Picking the right portal to make open data accessible
- By Amanda Ziadeh
- Jul 10, 2015
As government agencies move to make more data publicly available, choosing the right tool for the data is key.
While simple, already-structured or static data that doesn’t need visualization can be posted in any number of ways, other datasets need special handling in order to be truly accessible and useful. A number of commonly used and adaptable open data portals for the public sector were explored in a recent webinar with Dale Lutz and Stewart Harper of Safe Software, a data conversion and integration software company.
Enterprise open source
CKAN is a popular open source data portal that provides helpful tools for streamlining, publishing, sharing, finding and using datasets.
Intended for large enterprise datasets, CKAN has more than 300 open source data management extensions that are constantly evolving. CKAN allows users to host, configure and deploy the data, so typically a skilled IT team is needed for deployment. Features include a fast search experience, easy data uploading and the ability to plot geographic data in an interactive map.
For Data.gov, CKAN works as a data harvester, pulling data from other agencies like the Department of Agriculture and NASA, federating the data into one searchable catalog.

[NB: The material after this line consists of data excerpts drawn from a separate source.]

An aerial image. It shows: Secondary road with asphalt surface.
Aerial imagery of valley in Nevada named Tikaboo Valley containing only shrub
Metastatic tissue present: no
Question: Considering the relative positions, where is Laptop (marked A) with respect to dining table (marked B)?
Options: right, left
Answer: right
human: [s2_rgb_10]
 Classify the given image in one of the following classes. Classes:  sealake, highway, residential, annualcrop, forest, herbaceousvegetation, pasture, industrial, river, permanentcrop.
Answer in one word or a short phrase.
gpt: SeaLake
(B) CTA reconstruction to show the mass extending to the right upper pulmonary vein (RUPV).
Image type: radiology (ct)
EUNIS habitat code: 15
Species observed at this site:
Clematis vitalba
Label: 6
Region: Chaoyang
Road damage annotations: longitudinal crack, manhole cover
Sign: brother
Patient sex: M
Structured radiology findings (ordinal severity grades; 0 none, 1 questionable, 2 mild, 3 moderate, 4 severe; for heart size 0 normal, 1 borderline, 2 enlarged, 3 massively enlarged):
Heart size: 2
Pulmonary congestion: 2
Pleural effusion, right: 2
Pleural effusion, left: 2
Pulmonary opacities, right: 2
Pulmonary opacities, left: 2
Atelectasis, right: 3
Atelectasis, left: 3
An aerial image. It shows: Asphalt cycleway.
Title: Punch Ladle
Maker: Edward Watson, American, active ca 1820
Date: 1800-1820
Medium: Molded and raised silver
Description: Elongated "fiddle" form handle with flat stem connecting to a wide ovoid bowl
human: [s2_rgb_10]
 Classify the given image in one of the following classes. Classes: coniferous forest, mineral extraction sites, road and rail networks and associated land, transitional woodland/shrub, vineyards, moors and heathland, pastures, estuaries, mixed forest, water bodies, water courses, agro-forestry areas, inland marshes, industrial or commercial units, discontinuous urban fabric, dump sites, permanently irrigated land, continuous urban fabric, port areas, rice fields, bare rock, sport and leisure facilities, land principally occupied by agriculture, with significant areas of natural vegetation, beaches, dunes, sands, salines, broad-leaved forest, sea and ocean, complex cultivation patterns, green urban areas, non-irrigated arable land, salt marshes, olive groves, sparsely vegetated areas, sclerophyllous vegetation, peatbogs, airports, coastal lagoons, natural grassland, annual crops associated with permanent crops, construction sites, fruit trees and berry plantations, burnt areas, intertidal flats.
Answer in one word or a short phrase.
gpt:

DKAN, a derivative of CKAN, offers a plugin for Drupal, an open source content management system with the option for cloud-hosting. It is simple to deploy and maintain, and can be self-hosted through GitHub.
ArcGIS Open Data is a go-to solution for Esri software users because the open data builds directly on top of already published ArcGIS services.
ArcGIS Server and ArcGIS Online allow the configuration and federation of geodata into an open data portal. Data and metadata can be viewed in the browser, and users can interact with the data and download it in several formats.
ArcGIS offers a wealth of mapping options for geodata, but does not have other advanced visualization tools. There are ways to create charts and simple tools to view and interact with the datasets, however, and advanced search and filtration options are user-friendly.
Other visualization options
Organizations that want more data visualization should consider services like Junar, Socrata and OpenDataSoft.
Junar is an easy-to-use, software-as-a-service open data cloud platform that focuses on powerful analysis and visualizations. It offers a range of APIs to enable developers and users to integrate data back into their own applications, and is currently used for open data portals by the cities of Sacramento and Palo Alto.
Socrata can host significantly large datasets, both published and working copies, and currently has 5.5 million records.
Users can publish to Socrata using a desktop sync tool or APIs; data can also be uploaded natively as CSV files, Excel files or TSV files. The portal offers support for shapefiles as well, such as KML, KMZ and GeoJSON.
Socrata has tools structured around metadata management and workflow, like filter tools to narrow the information, export data, conduct analytics, create visualizations – like charts and map overlays – and view the data from a spatial perspective.
Another feature is the data-lens experience, which shows a different layout of the data so users can gain insights, inspect and interrogate information without having to actually load the set. Interactive graphs, for example, can show trends.
Chicago uses Socrata for its public data portal of 5.8 million records of crime data dating back to 2001. The New York Police Department also uses Socrata to publish and publicly display crash and collision data.
OpenDataSoft also allows for interaction and visualization through automated API generation. The platform is easy to use, works well with large datasets, supports geospatial formats, leverages Elasticsearch and ensures near real-time search and analysis.
Publishing and management of data are easy with live dashboards and the OpenDataSoft display is designed for display on mobile devices.
Amanda Ziadeh is a former reporter/producer for GCN.